だって、ブラウンブル一頭だけでも300ブルク、つまり300キロ近い肉が取れてるんだよ。当分、野生肉には、不自由しなくて済むのは確実になりました。
デカいとは思ったけど、牛一頭って700キロ近くあったんだ。それを何十頭も持ってて平気って……スライム達の中がどうなってるのか、本気で心配になってきたよ。

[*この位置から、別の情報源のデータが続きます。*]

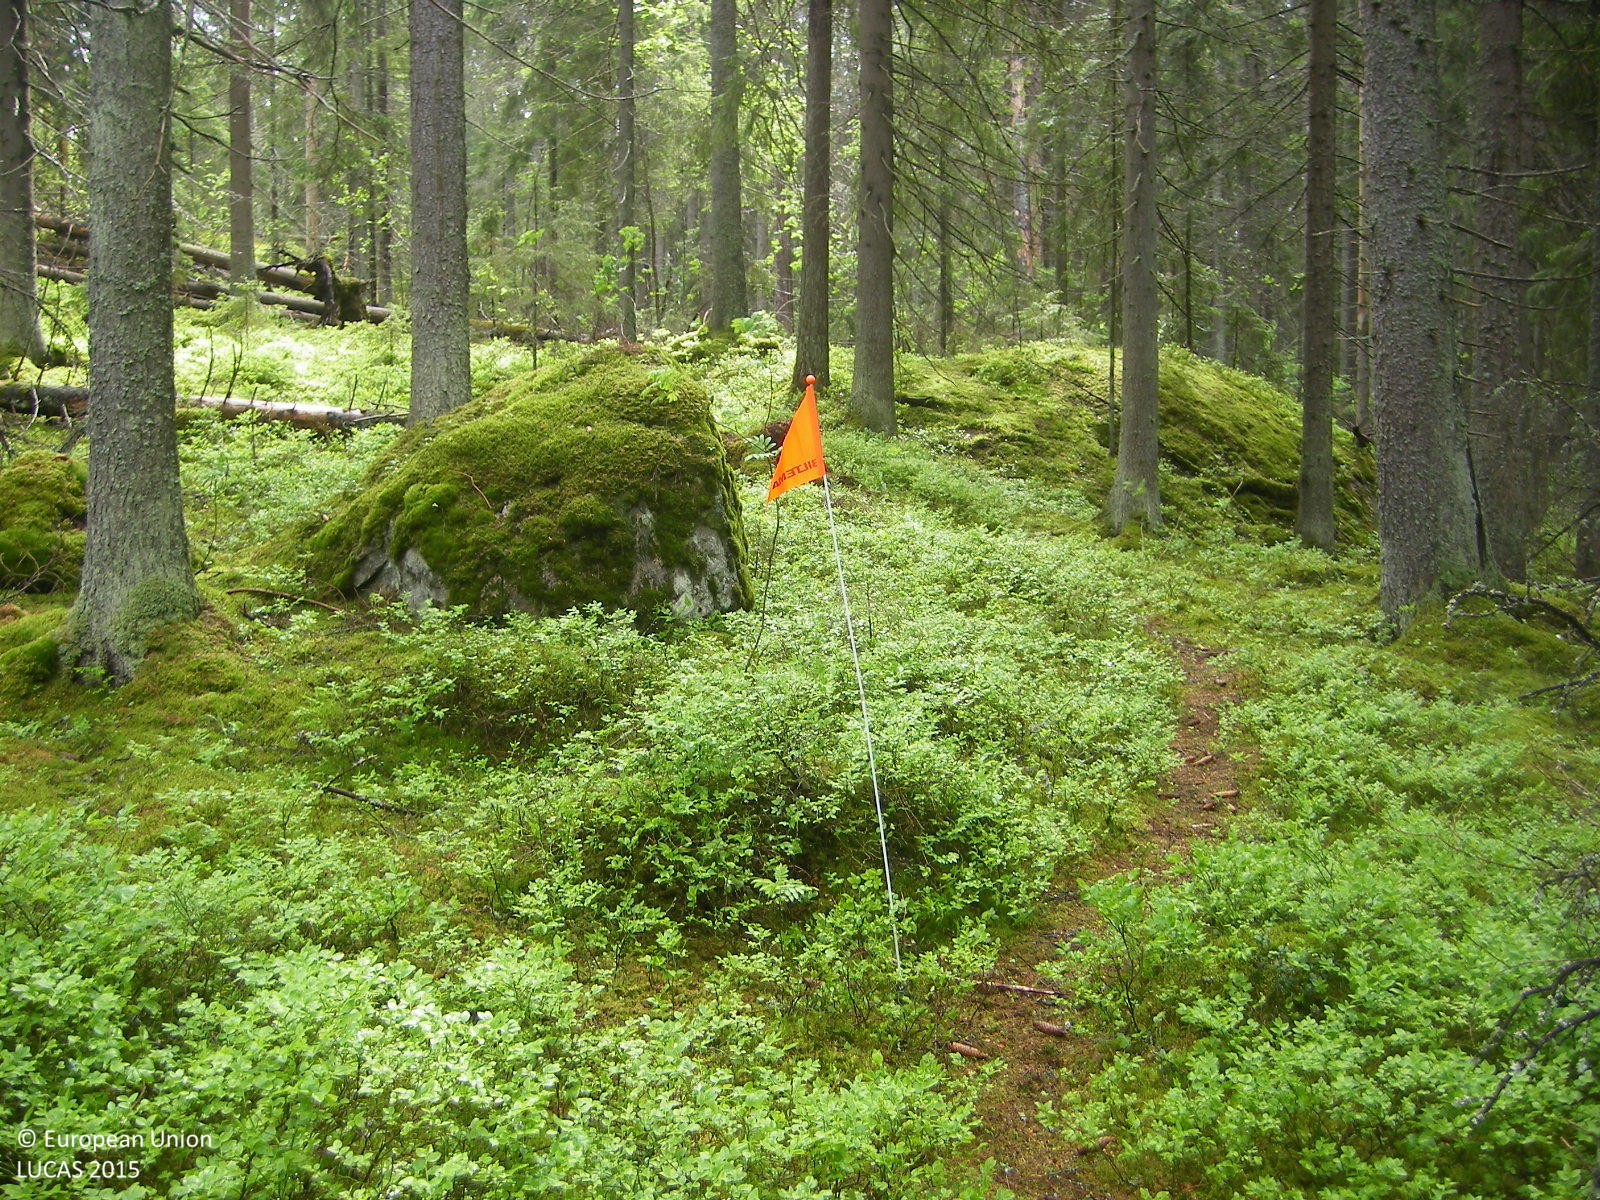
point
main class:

無言で感心していると、また奥から大きな袋を持って来た。
「ほれ、これが譲ってもらったグラスランドチキン20羽と、ブラウンブルとブラウンボアを五匹ずつ、亜種が2匹ずつ。それからブランマッドフィッシュ10匹分の買い取り金だ。こっちの袋が、肉以外の皮や羽根、それから追加の内臓の買い取り金だよ。ほら、これが明細だ」
笑顔のハリーさんから買い取り金の明細をもらって、若干気が遠くなった。
買い取り金を貰い、お肉の熟成してもらう為の預かり金を払う。微々たる金額で、何だか申し訳なくなったよ。
残念ながら、今夜の野生肉のステーキは出来なくなったので、代わりに、美味いと言ってたグラスランドチキンを焼いてみる事にしよう。
お礼を言ってギルドを後にして宿泊所に戻った俺達は、そのまま俺の部屋に当然のように全員集合した。
さてと、それじゃあ噂のグラスランドチキンを焼くとしますか。